World War Two Will Not Take Place by Bill James


  Weigel very looked bad. ‘Something?’ Valk said.

  ‘Andreas, I stress this is unconfirmed so far,’ Weigel said.

  ‘Understood.’ Valk was not going to become grandiose and haughty because a rumour said he had been pushed up to Colonel following Knecht’s disgrace.

  Weigel said: ‘The fully clothed bodies of two males in the twenty–thirty age group have been recovered from the sea at Milford Haven – the Cleddau estuary – in South West Wales.’

  Valk was standing near Weigel’s desk and felt some of his balance go for a few moments. ‘Yes?’ he said. ‘Is this in any way to do with us?’

  ‘They were carrying German passports in the names of V Mair and BL Schiff. There was also an overturned small boat. In two capacities I get to hear of this – Passport Control and the other.’

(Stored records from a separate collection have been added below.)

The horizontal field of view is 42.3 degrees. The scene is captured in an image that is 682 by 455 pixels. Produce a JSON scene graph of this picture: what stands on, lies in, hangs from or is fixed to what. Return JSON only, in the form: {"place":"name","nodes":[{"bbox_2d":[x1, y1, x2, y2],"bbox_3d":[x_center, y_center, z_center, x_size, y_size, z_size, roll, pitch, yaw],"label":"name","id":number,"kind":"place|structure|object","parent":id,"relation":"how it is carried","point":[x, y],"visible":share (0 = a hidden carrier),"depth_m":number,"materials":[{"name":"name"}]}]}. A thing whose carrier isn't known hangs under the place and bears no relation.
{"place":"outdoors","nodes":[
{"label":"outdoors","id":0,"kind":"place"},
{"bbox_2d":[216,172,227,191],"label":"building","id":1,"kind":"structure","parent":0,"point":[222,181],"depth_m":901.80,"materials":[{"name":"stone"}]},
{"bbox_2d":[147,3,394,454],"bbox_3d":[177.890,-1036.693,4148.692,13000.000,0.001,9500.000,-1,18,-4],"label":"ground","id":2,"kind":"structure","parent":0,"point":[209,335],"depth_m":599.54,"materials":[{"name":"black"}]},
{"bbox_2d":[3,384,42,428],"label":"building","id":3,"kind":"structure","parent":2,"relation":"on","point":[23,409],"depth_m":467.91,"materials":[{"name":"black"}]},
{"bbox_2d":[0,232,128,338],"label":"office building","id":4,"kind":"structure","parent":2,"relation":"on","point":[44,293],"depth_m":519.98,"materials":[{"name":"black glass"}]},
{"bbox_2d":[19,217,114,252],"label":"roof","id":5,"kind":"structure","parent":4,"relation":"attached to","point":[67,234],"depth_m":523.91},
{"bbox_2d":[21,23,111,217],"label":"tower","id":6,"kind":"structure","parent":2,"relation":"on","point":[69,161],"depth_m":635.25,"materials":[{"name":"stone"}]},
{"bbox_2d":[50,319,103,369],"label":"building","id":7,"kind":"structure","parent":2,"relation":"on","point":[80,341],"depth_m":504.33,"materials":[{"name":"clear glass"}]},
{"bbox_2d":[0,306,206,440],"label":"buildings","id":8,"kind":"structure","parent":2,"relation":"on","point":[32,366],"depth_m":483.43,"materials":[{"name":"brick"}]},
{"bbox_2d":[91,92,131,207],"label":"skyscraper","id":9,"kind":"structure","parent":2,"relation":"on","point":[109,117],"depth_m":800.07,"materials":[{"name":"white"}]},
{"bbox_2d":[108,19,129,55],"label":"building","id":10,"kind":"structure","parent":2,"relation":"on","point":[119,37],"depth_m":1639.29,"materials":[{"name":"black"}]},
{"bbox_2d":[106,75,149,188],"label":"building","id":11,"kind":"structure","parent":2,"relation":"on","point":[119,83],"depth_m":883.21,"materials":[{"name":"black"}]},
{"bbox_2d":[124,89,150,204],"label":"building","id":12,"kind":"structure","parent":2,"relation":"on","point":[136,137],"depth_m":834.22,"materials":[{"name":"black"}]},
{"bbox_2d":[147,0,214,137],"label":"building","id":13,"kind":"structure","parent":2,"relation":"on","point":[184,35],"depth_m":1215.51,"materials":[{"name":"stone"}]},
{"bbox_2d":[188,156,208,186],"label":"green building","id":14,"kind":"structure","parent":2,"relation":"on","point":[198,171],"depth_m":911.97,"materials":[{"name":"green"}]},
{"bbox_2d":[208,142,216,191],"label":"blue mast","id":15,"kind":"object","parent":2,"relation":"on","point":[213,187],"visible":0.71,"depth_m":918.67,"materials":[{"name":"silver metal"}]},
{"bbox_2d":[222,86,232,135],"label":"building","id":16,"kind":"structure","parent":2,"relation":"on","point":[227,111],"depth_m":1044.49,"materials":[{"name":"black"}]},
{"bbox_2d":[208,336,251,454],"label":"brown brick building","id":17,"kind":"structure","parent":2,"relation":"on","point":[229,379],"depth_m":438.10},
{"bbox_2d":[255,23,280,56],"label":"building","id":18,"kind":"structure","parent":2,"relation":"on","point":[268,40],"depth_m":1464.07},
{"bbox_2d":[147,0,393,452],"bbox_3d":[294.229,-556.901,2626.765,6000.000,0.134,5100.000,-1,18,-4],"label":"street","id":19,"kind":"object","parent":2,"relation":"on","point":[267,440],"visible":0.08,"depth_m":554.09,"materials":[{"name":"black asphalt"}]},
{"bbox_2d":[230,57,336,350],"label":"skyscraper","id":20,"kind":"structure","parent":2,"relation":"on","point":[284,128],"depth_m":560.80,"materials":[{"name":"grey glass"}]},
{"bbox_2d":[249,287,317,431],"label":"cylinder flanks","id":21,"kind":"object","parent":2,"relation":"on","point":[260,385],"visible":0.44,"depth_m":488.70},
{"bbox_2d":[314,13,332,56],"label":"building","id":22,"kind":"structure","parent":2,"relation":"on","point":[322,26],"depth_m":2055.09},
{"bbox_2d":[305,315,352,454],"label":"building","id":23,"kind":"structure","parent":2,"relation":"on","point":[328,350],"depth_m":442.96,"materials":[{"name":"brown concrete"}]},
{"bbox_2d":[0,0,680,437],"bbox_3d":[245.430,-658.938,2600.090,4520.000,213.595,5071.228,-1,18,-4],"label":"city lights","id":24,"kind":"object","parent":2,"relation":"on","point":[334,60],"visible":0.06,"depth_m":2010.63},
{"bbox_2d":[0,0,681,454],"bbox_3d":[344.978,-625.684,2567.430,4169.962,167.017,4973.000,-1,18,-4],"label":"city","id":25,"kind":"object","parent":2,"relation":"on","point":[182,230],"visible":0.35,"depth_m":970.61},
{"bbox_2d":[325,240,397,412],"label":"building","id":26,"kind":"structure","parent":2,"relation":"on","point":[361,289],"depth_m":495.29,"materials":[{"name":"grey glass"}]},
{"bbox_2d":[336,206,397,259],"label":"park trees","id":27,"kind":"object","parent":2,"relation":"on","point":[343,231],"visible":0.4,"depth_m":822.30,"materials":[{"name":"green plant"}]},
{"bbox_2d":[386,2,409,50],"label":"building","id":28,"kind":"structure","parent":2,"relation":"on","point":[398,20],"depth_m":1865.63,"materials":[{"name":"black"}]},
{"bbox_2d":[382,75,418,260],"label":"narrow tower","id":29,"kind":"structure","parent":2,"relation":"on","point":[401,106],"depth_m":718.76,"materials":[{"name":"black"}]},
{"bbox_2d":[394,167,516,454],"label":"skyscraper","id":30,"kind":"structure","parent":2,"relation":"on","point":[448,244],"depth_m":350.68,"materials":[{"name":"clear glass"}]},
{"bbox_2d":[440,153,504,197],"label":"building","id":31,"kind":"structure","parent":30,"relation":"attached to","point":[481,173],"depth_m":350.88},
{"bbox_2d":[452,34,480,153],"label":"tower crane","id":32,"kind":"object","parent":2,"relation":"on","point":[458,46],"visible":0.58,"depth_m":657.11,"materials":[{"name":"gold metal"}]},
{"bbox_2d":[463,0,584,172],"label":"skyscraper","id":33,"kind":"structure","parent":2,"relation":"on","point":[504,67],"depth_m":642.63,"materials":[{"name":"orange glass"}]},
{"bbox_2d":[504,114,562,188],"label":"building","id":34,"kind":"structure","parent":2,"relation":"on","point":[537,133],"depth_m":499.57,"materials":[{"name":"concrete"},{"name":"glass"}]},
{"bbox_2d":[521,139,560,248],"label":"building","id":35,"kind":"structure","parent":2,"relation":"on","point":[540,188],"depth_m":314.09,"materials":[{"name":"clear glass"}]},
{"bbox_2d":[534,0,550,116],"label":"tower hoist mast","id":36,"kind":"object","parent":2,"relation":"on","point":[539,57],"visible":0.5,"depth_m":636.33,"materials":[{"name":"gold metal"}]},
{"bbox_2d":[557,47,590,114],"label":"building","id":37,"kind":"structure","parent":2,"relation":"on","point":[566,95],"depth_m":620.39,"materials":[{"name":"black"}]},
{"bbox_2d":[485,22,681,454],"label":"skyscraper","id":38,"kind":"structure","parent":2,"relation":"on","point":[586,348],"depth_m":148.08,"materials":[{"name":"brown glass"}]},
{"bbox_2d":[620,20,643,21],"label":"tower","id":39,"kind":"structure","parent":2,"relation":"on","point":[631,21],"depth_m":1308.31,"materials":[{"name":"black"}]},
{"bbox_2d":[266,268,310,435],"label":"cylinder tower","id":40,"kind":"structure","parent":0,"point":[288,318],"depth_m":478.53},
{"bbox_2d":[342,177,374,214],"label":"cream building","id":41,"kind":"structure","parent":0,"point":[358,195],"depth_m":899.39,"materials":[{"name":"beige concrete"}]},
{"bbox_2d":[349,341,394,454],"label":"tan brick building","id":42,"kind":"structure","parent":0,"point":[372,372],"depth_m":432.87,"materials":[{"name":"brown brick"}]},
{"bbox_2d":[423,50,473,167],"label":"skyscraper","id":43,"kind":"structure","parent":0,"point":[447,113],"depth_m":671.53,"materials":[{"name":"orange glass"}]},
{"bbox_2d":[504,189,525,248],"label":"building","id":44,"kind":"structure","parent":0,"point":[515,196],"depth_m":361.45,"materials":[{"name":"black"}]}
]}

  Valk had very little voice to play with for a moment. ‘But not confirmed, you say,’ he muttered.

  ‘It will be.’

  God, those two, with their cheek and insolence and determination to supply their own orders! He had been right to regard them as dangerous fools. Would their mad actions besmirch him, as their commander? Might this prevent his step up? ‘Milford Haven?’ he said. ‘What, who, is at Milford Haven?’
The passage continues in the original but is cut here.